Clients of Interactive Brokers amend complaint about improper account administration
A month after the Court dismissed the complaint against the broker by ruling that its clients had failed to state a claim, the plaintiffs seek to revive the action by filing an amended complaint.
One month after Judge George B Daniels of the New York Southern District Court dismissed a complaint by clients of electronic trading major Interactive Brokers LLC saying that the complaint failed to state a claim, the plaintiffs in the case – Heather Hauptman and Timothy Moss, are seeking to revive the action by amending their complaint.
On Thursday, July 12, 2018, the plaintiffs filed a number of documents with the Court, including a proposed amended complaint.
Let’s recall that Interactive Brokers’ clients brought a putative class action against their former broker-dealer, alleging that the defendant breached its contractual obligations by including certain exchange traded notes (ETNs) in their portfolio margin investment accounts.
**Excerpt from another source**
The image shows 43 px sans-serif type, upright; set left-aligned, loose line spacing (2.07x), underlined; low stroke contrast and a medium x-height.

The defendant then moved to dismiss the complaint for lack of subject matter jurisdiction and, in the alternative, for failure to state a claim, with the Court eventually siding with the broker.
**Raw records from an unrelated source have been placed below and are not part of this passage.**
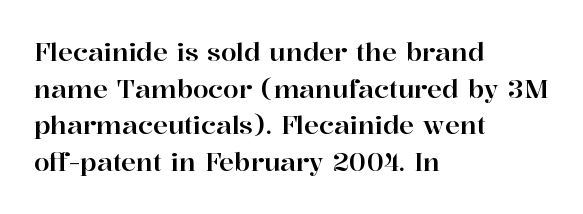
{"italic": "no", "underline": "no", "align": "left", "line_spacing": "normal", "line_spacing_ratio": 1.47, "letter_spacing": "normal", "letter_spacing_em": 0.0, "glyph_px": 25}
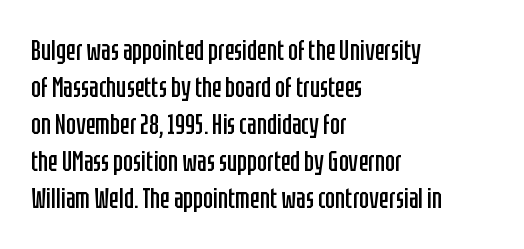
Q: Is the text bold? A: No.
Q: Is the text italic (slanted)? A: No, it is upright.
Q: Is the typeface a serif or a sans-serif typeface? A: Sans-serif.
Q: Is the text underlined? A: No.
Q: How is the paragraph aligned? A: Left-aligned.
Q: Is the spacing between letters normal or unusually wide? A: Normal.
Q: Is the spacing between lines tight, normal or loose? A: Normal.
Q: Width (condensed, normal, or wide)? A: Condensed.
Q: Stroke contrast? A: Low.
Q: x-height? A: Large.
Q: Monospaced? A: No.

Plaintiffs’ original legal theories were grounded in their position that the operative contracts prohibited Interactive Brokers from trading ETNs in their portfolio margin accounts because Financial Industry Regulatory Authority (FINRA) Rule 4210(g) prohibited the conduct.
FINRA Rule 4210 governs margin trading. The rule contains a list of products eligible for portfolio margin treatment, including margin equity securities. According to the plaintiffs, ETNs are not eligible for portfolio margin treatment because they are debt instruments, not equity securities, and do not fall within any other category of financial products listed in Rule 4210.
But the Court disagreed with the broker’s clients. The crux of the Court’s reasoning was that the governing contracts only demonstrated that the clients had notice of Interactive Brokers’ obligation to comply with pertinent laws and regulations, and that the clients could not circumvent the inability to proceed with a private cause of action for violations of FINRA Rule 4210(g) “by styling their claim as a breach of contract.”
In the amended complaint, the plaintiffs’ breach of contract claims rest upon a different theory. Now the broker’s clients alleged that additional promises and commitments by Interactive Brokers were made in 2014 and that these “exceed those imposed by FINRA.” The plaintiffs now specifically allege that the parties’ Disclosure Statement was supplemented and amended by the 2014 Agreements that specifically promised and agreed that Interactive Brokers would not include ETNs in its portfolio margin accounts, and thereby Interactive Brokers subsequently breached its agreements when it did so, resulting in substantial losses for the plaintiffs and other putative class members.
Accordingly, the plaintiffs argue that the 2014 Agreements form the basis of additional obligations agreed to by Interactive Brokers (regardless of FINRA Rules) and are sufficient to stand as claims for breach of express and/or implied contracts.
The case is captioned Hauptman et al v. Interactive Brokers, LLC (1:17-cv-09382).